Since you want to access w_'s first element you have to use w_[1]. What you have used gets all elements of w_ starting from the 1th element.

Similarly X[0:] is unnecessary since it returns all elements of X. Just use X instead:

self.w_[1] += self.eta * X.T.dot(errors)

3) You shouldn't use

(errors\*\*2).sum()  

to calculate the sum of squared errors. errors**2 tries to multiply errors with itself and it gives an error since errors is a vector. Instead you have to use numpy.power to get the element wise powers:

np.power(errors, 2)  

Also for better practice:
1) Put the main code to the end and rename your variables.
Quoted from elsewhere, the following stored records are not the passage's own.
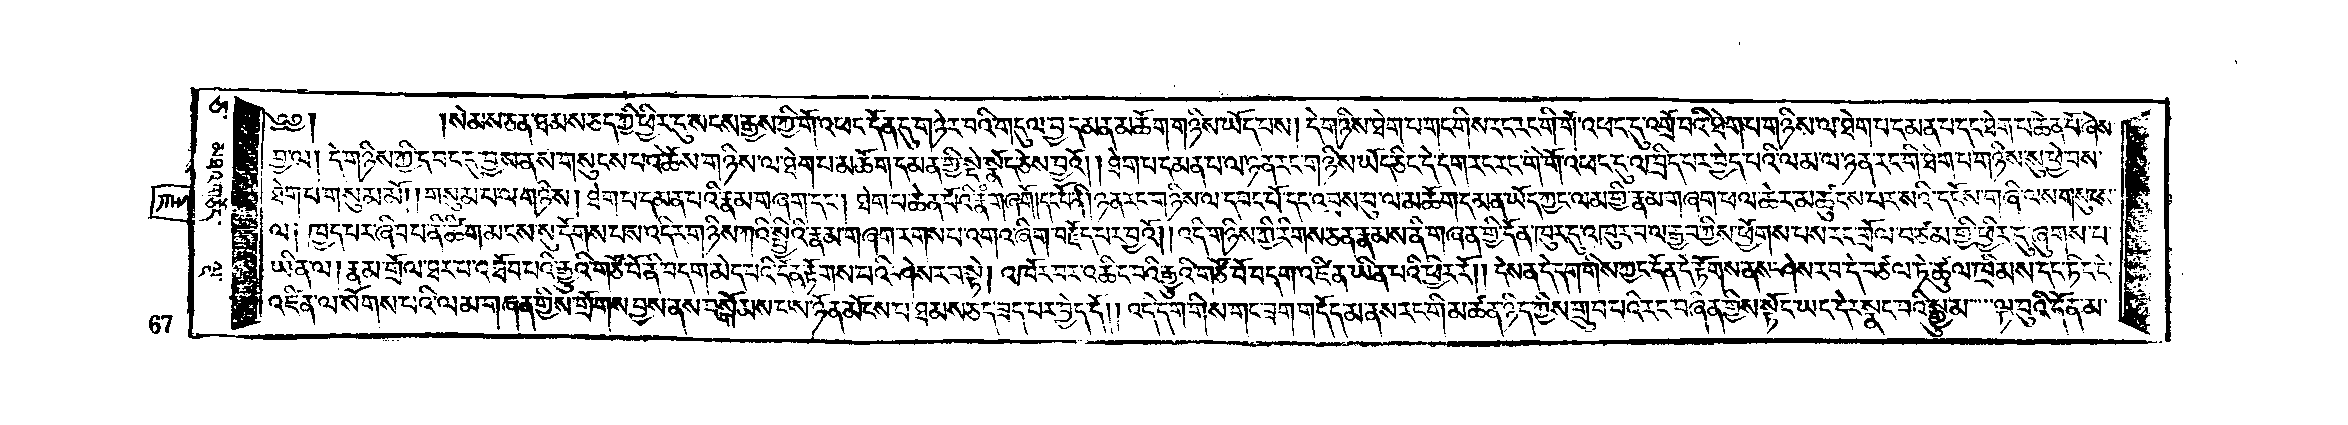༄༅། །སེམས་ཅན་ཐམས་ཅད་ཀྱི་ཕྱིར་དུ་སངས་རྒྱས་ཀྱི་གོ་འཕང་དོན་དུ་གཉེར་བའི་གདུལ་བྱ་དམན་མཆོག་གཉིས་ཡོད་པས། དེ་གཉིས་ཐེག་པ་གང་གིས་རང་རང་གི་གོ་འཕང་དུ་འགྲོ་བའི་ཐེག་པ་གཉིས་ལ་ཐེག་པ་དམན་པ་དང་ཐེག་པ་ཆེན་པོ་ཞེས་
བྱ་ལ། དེ་གཉིས་ཀྱི་དབང་དུ་བྱས་ནས་གསུངས་པའི་ཆོས་གཉིས་ལ་ཐེག་པ་མཆོག་དམན་གྱི་སྡེ་སྣོད་ཅེས་བྱའོ། །ཐེག་པ་དམན་པ་ལ་ཉན་རང་གཉིས་ཡོད་ཅིང་དེ་དག་རང་རང་གི་གོ་འཕང་དུ་འཁྲིད་པར་བྱེད་པའི་ལམ་ལ་ཉན་རང་གི་ཐེག་པ་གཉིས་སུ་ཕྱེ་བས་
ཐེག་པ་གསུམ་མོ། །གསུམ་པ་ལ་གཉིས། ཐེག་པ་དམན་པའི་རྣམ་གཞག་དང་། ཐེག་པ་ཆེན་པོའི་རྣམ་གཞག་གོ །དང་པོ་ནི། ཉན་རང་གཉིས་ལ་དབང་པོ་དང་འབྲས་བུ་ལ་མཆོག་དམན་ཡོད་ཀྱང་ལམ་གྱི་རྣམ་གཞག་ཕལ་ཆེར་མཚུངས་པར་སའི་དངོས་གཞི་ལས་གསུངས་
ལ། ཁྱད་པར་ཞིབ་པ་ནི་ཚིག་མངས་སུ་དོགས་པས་འདིར་གཉིས་ཀའི་སྤྱིའི་རྣམ་གཞག་རགས་པ་འགའ་ཞིག་བརྗོད་པར་བྱའོ། །འདི་གཉིས་ཀྱི་རིགས་ཅན་རྣམས་ནི་གཞན་གྱི་དོན་ཁུར་དུ་འཁུར་བ་ལ་རྒྱབ་ཀྱིས་ཕྱོགས་པས་རང་གྲོལ་བ་ཙམ་གྱི་ཕྱིར་དུ་ཞུགས་པ་
ཡིན་ལ། རྣམ་གྲོལ་ཐར་པ་འཐོབ་པའི་རྒྱུའི་གཙོ་བོ་ནི་བདག་མེད་པའི་དོན་རྟོགས་པའི་ཤེས་རབ་སྟེ། འཁོར་བར་འཆིང་བའི་རྒྱུའི་གཙོ་བོ་བདག་འཛིན་ཡིན་པའི་ཕྱིར་རོ། །དེས་ན་དེ་དག་གིས་ཀྱང་དོན་དེ་རྟོགས་ནས་ཤེས་རབ་དེ་བཙལ་ཏེ་ཚུལ་ཁྲིམས་དང་ཏིང་ངེ་
འཛིན་ལ་སོགས་པའི་ལམ་གཞན་གྱིས་གྲོགས་བྱས་ནས་བསྒོམས་པས་ཉོན་མོངས་པ་ཐམས་ཅད་ཟད་པར་བྱེད་དོ། །འདི་དག་གིས་གང་ཟག་གདོད་མ་ནས་རང་གི་མཚན་ཉིད་ཀྱིས་གྲུབ་པའི་རང་བཞིན་གྱིས་སྟོང་ཡང་དེར་སྣང་བའི་སྒྱུ་མ་ལྟ་བུའི་དོན་མ་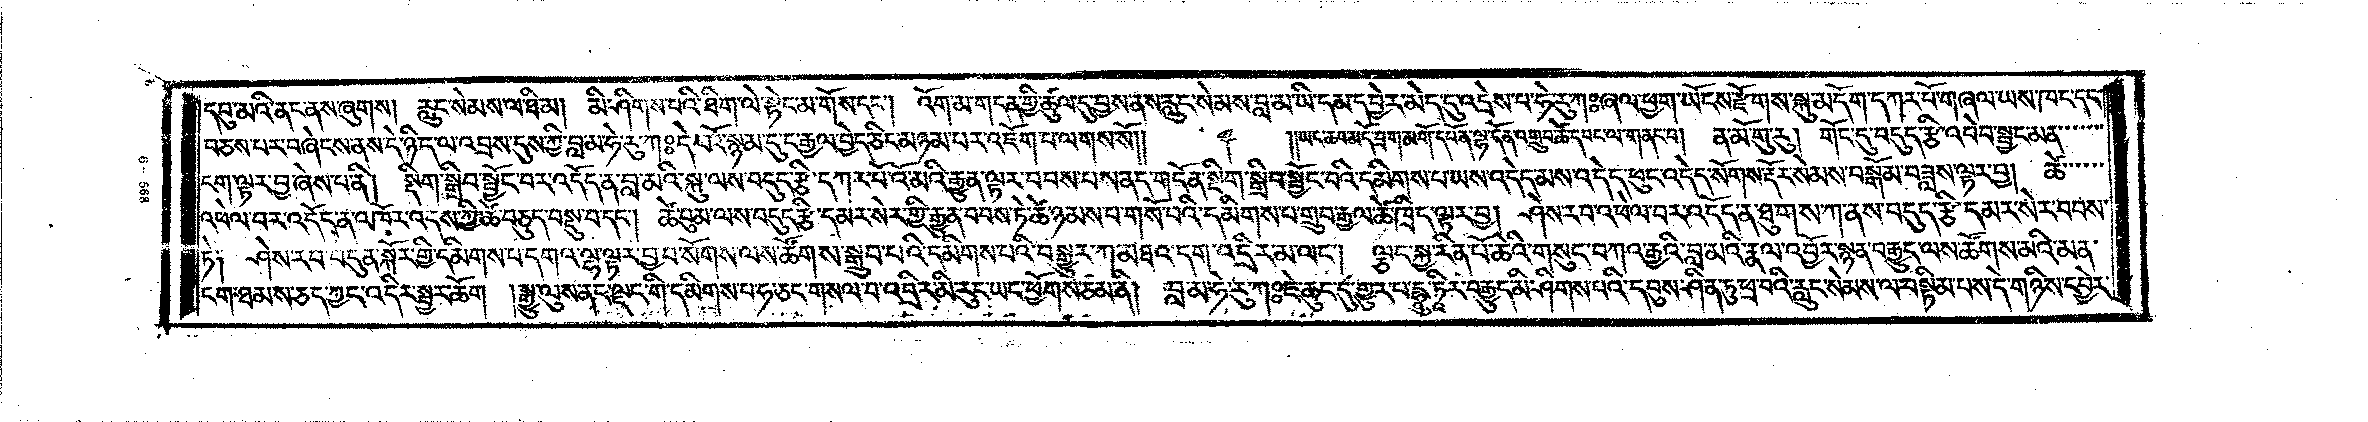དབུ་མའི་ནང་ནས་ཞུགས། རླུང་སེམས་ལ་ཐིམ། མི་ཤིགས་པའི་ཐིག་ལེ་སྟེང་མ་གོས་དང་། འོག་མ་གདན་གྱི་ཚུལ་དུ་བྱས་ནས་རླུང་སེམས་བླ་མ་ཡི་དམ་དཔྱེར་མེད་དུ་འདྲེས་པ་ཧེ་རུ་ཀཿ ཞལ་ཕྱག་ཡོངས་རྫོགས་སྐུ་མདོག་དཀར་པོ་གཞལ་ལས་ཁང་དང་
བཅས་པར་བཞེངས་ནས་དེ་ཉིད་ལ་འབྲས་དུས་ཀྱི་བླ་མ་ཧེ་རུ་ཀཿདེ་པའོ་སྙམ་དུ་ང་རྒྱལ་བྱེད་ཅིང་མཉམ་པར་འཇོག་པ་ལགས་སོ།། ༈ །།ཡང་ཆབ་མདོ་བྲག་མགོ་དཔོན་ལྷ་དོན་འགྲུབ་ཚེ་དབང་ལ་གནང་བ།  ན་མོ་གུ་རུ། གོང་དུ་བདུད་རྩི་འབེབ་སྦྱང་མན་
ངག་ལྟར་བྱ་ཞེས་པ་ནི། སྡིག་སྒྲིབ་སྦྱོང་བར་འདོད་ན་བླ་མའི་སྐུ་ལས་བདུད་རྩི་དཀར་པོ་འོ་མའི་རྒྱུན་ལྟར་བབས་པས་ནང་གདོན་སྡིག་སྒྲིབ་སྦྱོང་བའི་དམིགས་པ་ཡས་འདེད་མས་འདེད་ཕུང་འདེད་སོགས་རྡོར་སེམས་བསྒོམ་བཟླས་ལྟར་བྱ། ཚེ་
འཕེལ་བར་འདོད་ན་འཁོར་འདས་ཀྱི་ཚེ་བཅུད་བསྡུ་བ་དང་། ཚེ་བུམ་ལས་བདུད་རྩི་དམར་སེར་གྱི་རྒྱུན་བབས་ཏེ་ཚེ་ཉམས་པ་གསོ་པའི་དམིགས་པ་གྲུབ་རྒྱལ་ཚེ་ཁྲིད་ལྟར་བྱ། ཤེས་རབ་འཕེལ་བར་འདོད་ན་ཐུགས་ཀ་ནས་བདུད་རྩི་དམར་སེར་བབས་
ཏེ༑ ཤེས་རབ་བདུན་སྐོར་གྱི་དམིགས་པ་དགའ་ལྷ་ལྟར་བྱ་བ་སོགས་ལས་ཚོགས་སྒྲུབ་པའི་དམིགས་པའི་བསྒྱུར་ཀ་མཐའ་དག་འདྲིར་མ་ལང་། ལྕང་སྐྱ་རིན་པོ་ཆེའི་གསུང་བཀའ་རྒྱའི་བླ་མའི་རྣལ་འབྱོར་སྙན་བརྒྱུད་ལས་ཚོགས་མའི་མན་
ངག་ཐམས་ཅད་ཀྱང་འདིར་སྦྱར་ཆོག །སྒྱུ་ལུས་ནང་ལྗང་གི་དམིགས་པ་ཧ་ཅང་གསལ་བ་འབྲིར་མི་རུང་ཡང་ཕྱོགས་ཙམ་ནི། བླ་མ་ཧེ་རུ་ཀཿཇེ་ཆུང་དུ་གྱུར་པ་དྷཱུ་ཏཱིར་བརྒྱུད་མི་ཤིགས་པའི་དབུས་ཤིན་ཏུ་ཕྲ་བའི་རླུང་སེམས་ལ་བསྟིམ་པས་དེ་གཉིས་དབྱེར་

You have y as both a global variable (defined at the top) and as an input variable and this causes shadowing.

2) Define all class related variables in initialization.

3) Use lower case variable names.

4) You may use x * y instead of x.dot(y), its the same operation since you are using numpy.

5) Print some results at the end.

Considering these and following Python PEP8 formatting guidelines, I have changed your code as follows:

import numpy as np

class SingleNeuron (object):

    def __init__(self, eta=0.01, n_iter=10):
        self.eta = eta
        self.n_iter = n_iter
        self.w_ = []
        self.cost_ = []

    def fit(self, x, y):
        self.w_ = np.zeros(x.shape[1]+1)
        self.cost_ = []

        for i in range(self.n_iter):
            output = self.net_input(x)
            errors = (y - output)
            self.w_[1] += self.eta * x.T * errors
            self.w_[0] += self.eta * errors.sum()
            cost = np.power(errors, 2).sum() / 2
            self.cost_.append(cost)
        return self

    def net_input(self, x):
        return 1 / (1 + np.exp(-((x * self.w_[1]) + self.w_[0])))

    def predict(self, x):
        return self.net_input(x)


norm_fac = 16.19419
x_in = np.matrix('2; 4; 6; 8; 10; 15; 20; 25; 30; 40; 50; 60')
g_in = np.matrix('4.32323; 4.96276; 5.45565; 6.27151; 6.8552; 8.64987;     10.32581; 12.21393; 14.45659; 15.87602; '
             '15.82488; 16.19419')
y_in = g_in / norm_fac

SN = SingleNeuron(eta=0.1, n_iter=10)
SN = SN.fit(x_in, y_in)
print SN.w_
print SN.cost_

I'm not sure whether this code does what you want. You have to control the logic step by step.

P.S.: I recommend using PyCharm for developing in Python.